Russia’s Medvedev suggests Ukrainian ports will be hit again

By Andrew Osborn

MOSCOW (Reuters) – Former Russian President Dmitry Medvedev on Saturday suggested Moscow would launch more strikes against Ukrainian ports in response to Kyiv’s attacks on Russian ships in the Black Sea, and threatened to hand Ukraine “an ecological catastrophe”.

Medvedev, who is deputy chairman of Russia’s Security Council, a body chaired by President Vladimir Putin, spoke after Ukrainian sea drone attacks on a Russian warship in the port of Novorossiysk, and against a tanker near Crimea, which Russia annexed from Ukraine in 2014.

Putin chaired a meeting of the Security Council on Friday which Medvedev attended following the attack on Novorossiysk, in which the Olenegorsky Gornyak, a Russian Navy landing ship, was reported to have been badly damaged.
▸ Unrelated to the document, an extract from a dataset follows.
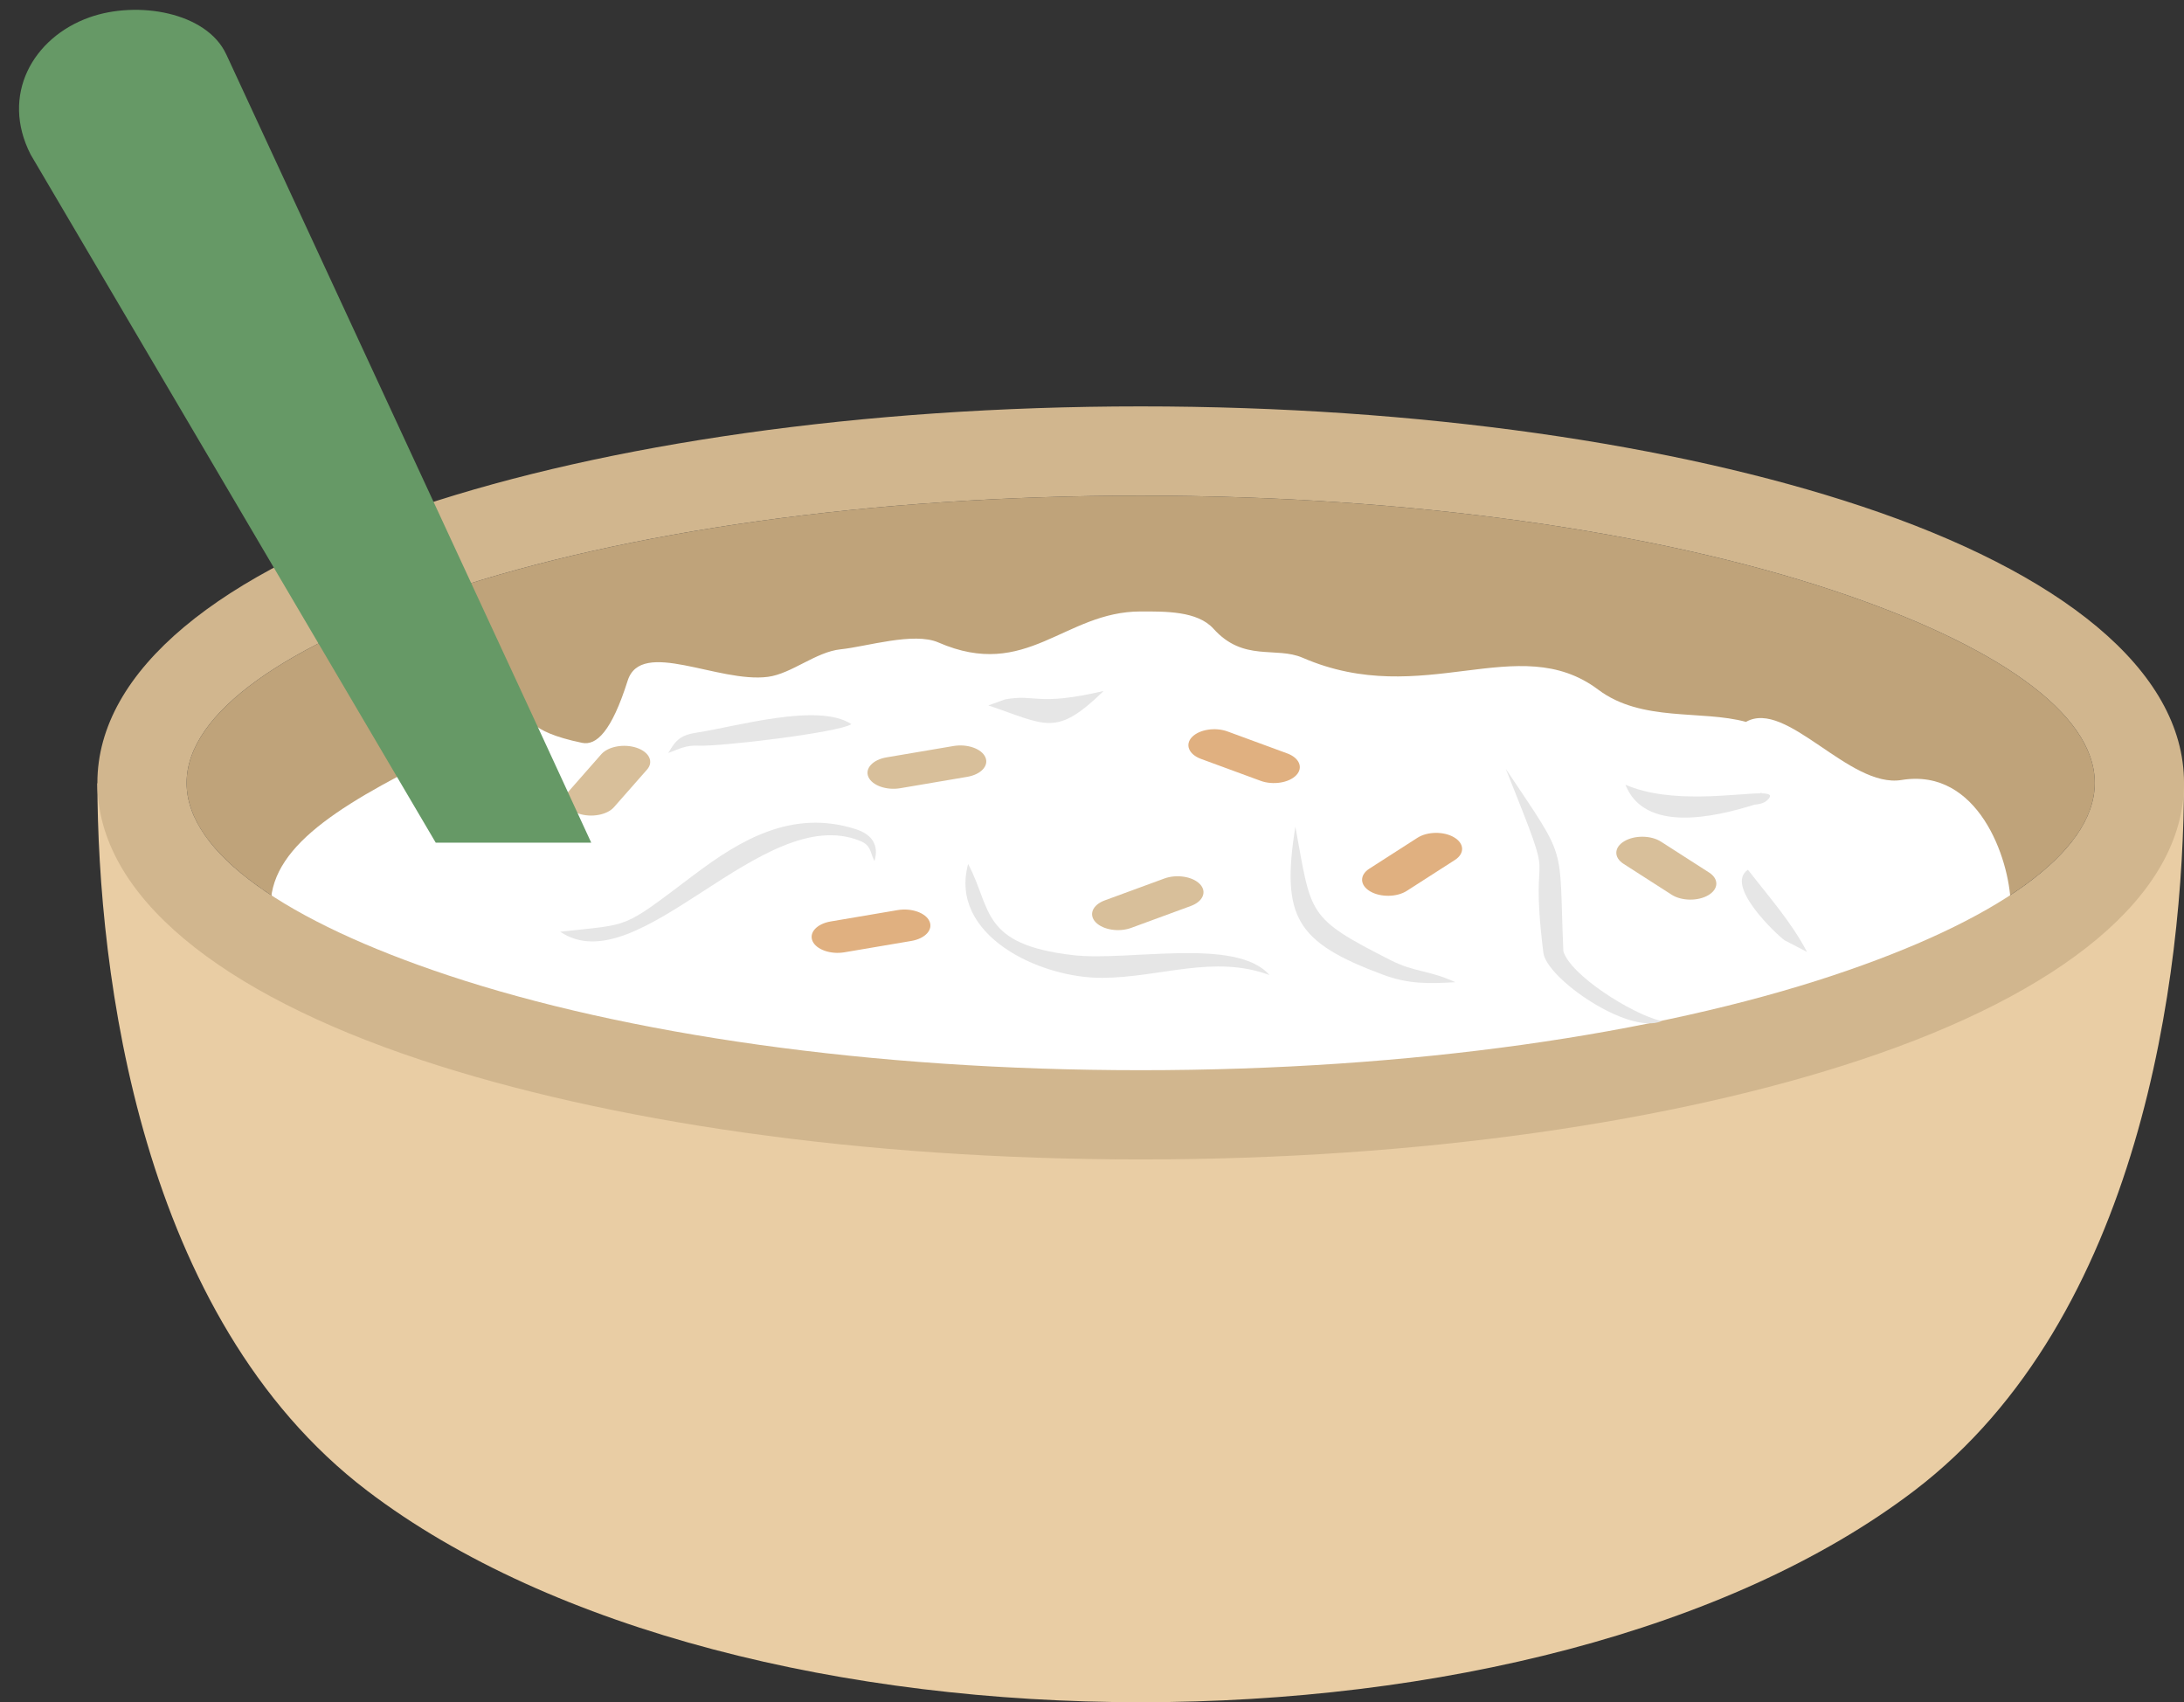 <?xml version="1.0" encoding="UTF-8"?><svg xmlns="http://www.w3.org/2000/svg" xmlns:xlink="http://www.w3.org/1999/xlink" height="295.2" preserveAspectRatio="xMidYMid meet" version="1.0" viewBox="-3.3 -1.7 378.8 295.2" width="378.8" zoomAndPan="magnify"><rect x="-3.3" y="-1.7" width="378.8" height="295.2" fill="#333333" stroke="none"/><defs><clipPath id="a"><path d="M 13 134 L 375.5 134 L 375.5 293.5 L 13 293.5 Z M 13 134"/></clipPath><clipPath id="b"><path d="M 13 68 L 375.5 68 L 375.5 200 L 13 200 Z M 13 68"/></clipPath></defs><g><g id="change1_1"><path d="M 345.32 153.57 C 354.754 147.418 360.027 140.797 360.027 134.074 C 360.027 121.879 342.672 110.012 314.613 100.688 C 284.055 90.535 241.617 84.254 194.547 84.254 C 147.477 84.254 105.039 90.535 74.48 100.688 C 46.422 110.012 29.066 121.879 29.066 134.074 C 29.066 140.797 34.34 147.418 43.77 153.57 C 207.656 150.648 264.379 130.352 345.32 153.57" fill="#bfa37a" fill-rule="evenodd"/></g><g id="change2_1"><path d="M 345.445 155.098 C 345.23 147.117 339.758 131.398 326.52 133.566 C 317.426 135.059 306.566 119.48 299.527 123.488 C 291.785 121.383 281.441 123.566 273.91 117.906 C 259.996 107.445 243.574 121.438 222.641 112.371 C 217.98 110.352 212.406 113.152 207.168 107.332 C 204.383 104.238 198.797 104.34 194.547 104.34 C 181.273 104.34 174.809 116.398 159.453 109.715 C 155.188 107.855 146.965 110.449 142.512 110.902 C 138.215 111.34 134.008 115.133 129.906 115.676 C 121.301 116.809 107.91 108.957 105.566 116.34 C 102.758 125.195 100.129 127.633 97.652 127.121 C 78.102 123.074 99.465 116.297 76.102 127.707 C 56.883 137.094 43.934 144.453 43.648 155.098 C 52.855 161.695 65.02 166.535 75.699 170.086 C 92.824 175.773 111.008 179.453 128.855 181.949 C 150.57 184.984 172.629 186.32 194.547 186.32 C 216.465 186.32 238.523 184.984 260.234 181.949 C 278.086 179.453 296.27 175.773 313.391 170.086 C 324.074 166.535 336.238 161.695 345.445 155.098" fill="#fff" fill-rule="evenodd"/></g><g clip-path="url(#a)" id="change3_1"><path d="M 375.504 134.074 C 375.43 167.117 368.152 226.793 328.703 256.824 C 264.465 305.727 124.629 305.727 60.391 256.824 C 20.941 226.793 13.664 167.117 13.59 134.074 C 33.504 171.355 114.023 189.996 194.547 189.996 C 275.066 189.996 355.59 171.355 375.504 134.074" fill="#e9cda4"/></g><g clip-path="url(#b)" id="change4_1"><path d="M 194.547 68.777 C 243.145 68.777 287.316 75.379 319.449 86.059 C 354.082 97.566 375.504 114.48 375.504 134.074 C 375.504 153.668 354.082 170.582 319.449 182.09 C 287.316 192.77 243.145 199.371 194.547 199.371 C 145.949 199.371 101.777 192.77 69.645 182.09 C 35.012 170.582 13.59 153.668 13.59 134.074 C 13.59 114.48 35.012 97.566 69.645 86.059 C 101.777 75.379 145.949 68.777 194.547 68.777 Z M 314.613 100.688 C 284.055 90.535 241.617 84.254 194.547 84.254 C 147.477 84.254 105.039 90.535 74.48 100.688 C 46.422 110.012 29.066 121.879 29.066 134.074 C 29.066 146.27 46.422 158.137 74.48 167.461 C 105.039 177.613 147.477 183.895 194.547 183.895 C 241.617 183.895 284.055 177.613 314.613 167.461 C 342.672 158.137 360.027 146.27 360.027 134.074 C 360.027 121.879 342.672 110.012 314.613 100.688" fill="#d1b68e"/></g><g id="change5_1"><path d="M 143.148 163.449 C 140.754 163.852 138.281 162.98 137.629 161.504 C 136.977 160.023 138.391 158.5 140.785 158.098 L 152.395 156.129 C 154.789 155.727 157.262 156.598 157.914 158.074 C 158.566 159.555 157.152 161.078 154.758 161.48 L 143.148 163.449" fill="#e0b080" fill-rule="evenodd"/></g><g id="change6_1"><path d="M 192.895 159.215 C 190.762 159.992 188.008 159.559 186.742 158.242 C 185.477 156.93 186.18 155.23 188.312 154.445 L 198.656 150.648 C 200.789 149.867 203.547 150.305 204.812 151.617 C 206.074 152.934 205.371 154.633 203.242 155.414 L 192.895 159.215" fill="#d8bf9a" fill-rule="evenodd"/></g><g id="change5_2"><path d="M 240.695 152.797 C 238.973 153.902 236.117 153.934 234.328 152.871 C 232.535 151.809 232.48 150.051 234.203 148.945 L 242.547 143.59 C 244.27 142.484 247.121 142.449 248.91 143.516 C 250.703 144.578 250.762 146.336 249.035 147.441 L 240.695 152.797" fill="#e0b080" fill-rule="evenodd"/></g><g id="change5_3"><path d="M 215.359 133.715 C 217.492 134.492 220.25 134.062 221.516 132.746 C 222.781 131.43 222.078 129.73 219.945 128.949 L 209.602 125.148 C 207.469 124.367 204.715 124.805 203.445 126.117 C 202.184 127.434 202.883 129.133 205.016 129.914 L 215.359 133.715" fill="#e0b080" fill-rule="evenodd"/></g><g id="change6_2"><path d="M 152.84 134.992 C 150.445 135.395 147.973 134.52 147.32 133.043 C 146.668 131.566 148.082 130.039 150.477 129.641 L 162.086 127.672 C 164.48 127.27 166.953 128.141 167.605 129.617 C 168.258 131.094 166.844 132.617 164.449 133.02 L 152.84 134.992" fill="#d8bf9a" fill-rule="evenodd"/></g><g id="change6_3"><path d="M 293.129 149.613 L 284.785 144.258 C 283.062 143.152 280.215 143.117 278.422 144.184 C 276.629 145.246 276.574 147.004 278.297 148.109 L 286.641 153.465 C 288.363 154.566 291.215 154.602 293.004 153.539 C 294.797 152.477 294.852 150.719 293.129 149.613" fill="#d8bf9a" fill-rule="evenodd"/></g><g id="change6_4"><path d="M 97.07 139.398 C 94.879 138.668 94.066 136.977 95.254 135.625 L 100.992 129.098 C 102.184 127.746 104.922 127.246 107.113 127.977 C 109.305 128.711 110.117 130.398 108.93 131.754 L 103.188 138.281 C 102 139.633 99.262 140.133 97.07 139.398" fill="#d8bf9a" fill-rule="evenodd"/></g><g id="change7_1"><path d="M 2.023 25.113 C -3.27 14.805 2.406 4.809 12.191 1.32 C 20.543 -1.66 32.566 0.406 35.941 7.73 L 35.945 7.727 C 41.305 19.34 99.273 144.352 99.246 144.438 L 72.277 144.438 L 2.023 25.113" fill="#696"/></g><g id="change8_1"><path d="M 93.867 159.883 C 106.383 158.469 104.297 159.637 117.055 150.027 C 125.129 143.941 134.078 138.594 145.074 142.074 C 147.887 142.965 149.223 144.816 148.367 147.633 C 147.52 145.961 147.844 144.922 145.824 144.109 C 128.961 137.32 107.449 169.066 93.867 159.883" fill="#e6e6e6" fill-rule="evenodd"/></g><g id="change8_2"><path d="M 164.617 148.133 C 168.758 155.926 166.684 162.062 182.805 163.941 C 192.418 165.062 211.094 160.762 216.871 167.379 L 216.867 167.383 C 207.133 163.82 198.086 167.812 187.883 167.879 C 176.938 167.945 161.238 160.445 164.617 148.133" fill="#e6e6e6" fill-rule="evenodd"/></g><g id="change8_3"><path d="M 221.367 141.633 C 224.215 157.051 223.262 157.371 237.871 164.805 C 242.078 166.945 244.566 166.52 249.117 168.633 C 244.504 168.895 241.016 168.988 236.566 167.332 C 221.469 161.711 218.895 157.367 221.367 141.633" fill="#e6e6e6" fill-rule="evenodd"/></g><g id="change8_4"><path d="M 257.867 131.633 C 268.777 147.969 267.023 144.086 267.852 163.246 L 267.828 163.188 C 268.945 167.316 279.625 174.125 284.867 175.371 L 284.871 175.391 C 279.156 177.816 264.945 168.004 264.387 163.52 C 261.676 141.766 267.465 155.629 257.867 131.633" fill="#e6e6e6" fill-rule="evenodd"/></g><g id="change8_5"><path d="M 278.617 134.383 C 286.461 137.816 297.805 135.891 302.027 135.883 L 302.176 135.723 L 302.258 135.887 C 303.668 135.91 304.152 136.191 303.223 137.066 C 302.625 137.629 301.777 137.785 300.988 137.848 C 293.938 140.062 281.926 142.754 278.617 134.383" fill="#e6e6e6" fill-rule="evenodd"/></g><g id="change8_6"><path d="M 299.867 149.133 C 303.449 153.758 307.363 158.141 310.117 163.383 L 306.242 161.375 C 304.988 160.516 295.73 151.863 299.867 149.133" fill="#e6e6e6" fill-rule="evenodd"/></g><g id="change8_7"><path d="M 188.117 118.133 C 179.836 126.164 178.262 124.059 168.117 120.633 L 171.027 119.59 C 176.445 118.586 176.332 120.855 188.117 118.133" fill="#e6e6e6" fill-rule="evenodd"/></g><g id="change8_8"><path d="M 144.367 123.883 C 142.152 125.352 121.586 127.793 117.848 127.613 C 115.695 127.512 114.59 128.133 112.621 128.883 L 112.613 128.879 C 113.961 126.527 114.812 125.758 117.715 125.32 C 124.246 124.34 138.66 120.09 144.367 123.883" fill="#e6e6e6" fill-rule="evenodd"/></g></g></svg>

“Scumbags and freaks understand only cruelty and force. Apparently, the strikes on Odesa, Izmail, and other places were not enough for them,” Medvedev said in a post on his official social media accounts.

Russia has in recent weeks targeted the Black Sea port of Odesa, where the Ukrainian Navy is headquartered, and Izmail, Ukraine’s main inland port across the Danube River from Romania, damaging port infrastructure and grain facilities.

Moscow, which last month withdrew from a deal that had allowed Ukraine to safely export its grain via the Black Sea, began the port attacks after a Ukrainian strike on the bridge which links Russia with Crimea, killing the parents of a teenage girl and causing serious damage.

The United Nations and some Western and African countries have urged Russia to return to the grain deal, something Moscow has said it will only do if and when an agreement designed to facilitate the export of Russian grain and fertilisers is implemented.

Medvedev suggested retaliatory Russian strikes against Ukraine for its sea drone attacks could end any chances of reviving the grain deal.

“If the Kyiv scum want to create an ecological disaster in the Black Sea, they should get one on the part of their territory that will soon fall to Poland and that will stink for centuries after that,” said Medvedev.

“That will be the final judgement for them on the grain deal.”

It was not clear what kind of ecological disaster Medvedev was referring to. Top Russian security officials have suggested, without providing evidence, that Polish troops will be deployed to western Ukraine at some point, while Russia will hold on to and expand the territory it has unilaterally annexed in the south and east of Ukraine.

Kyiv, which is carrying out a counteroffensive, says it remains committed to retaking all of its territory, including Crimea.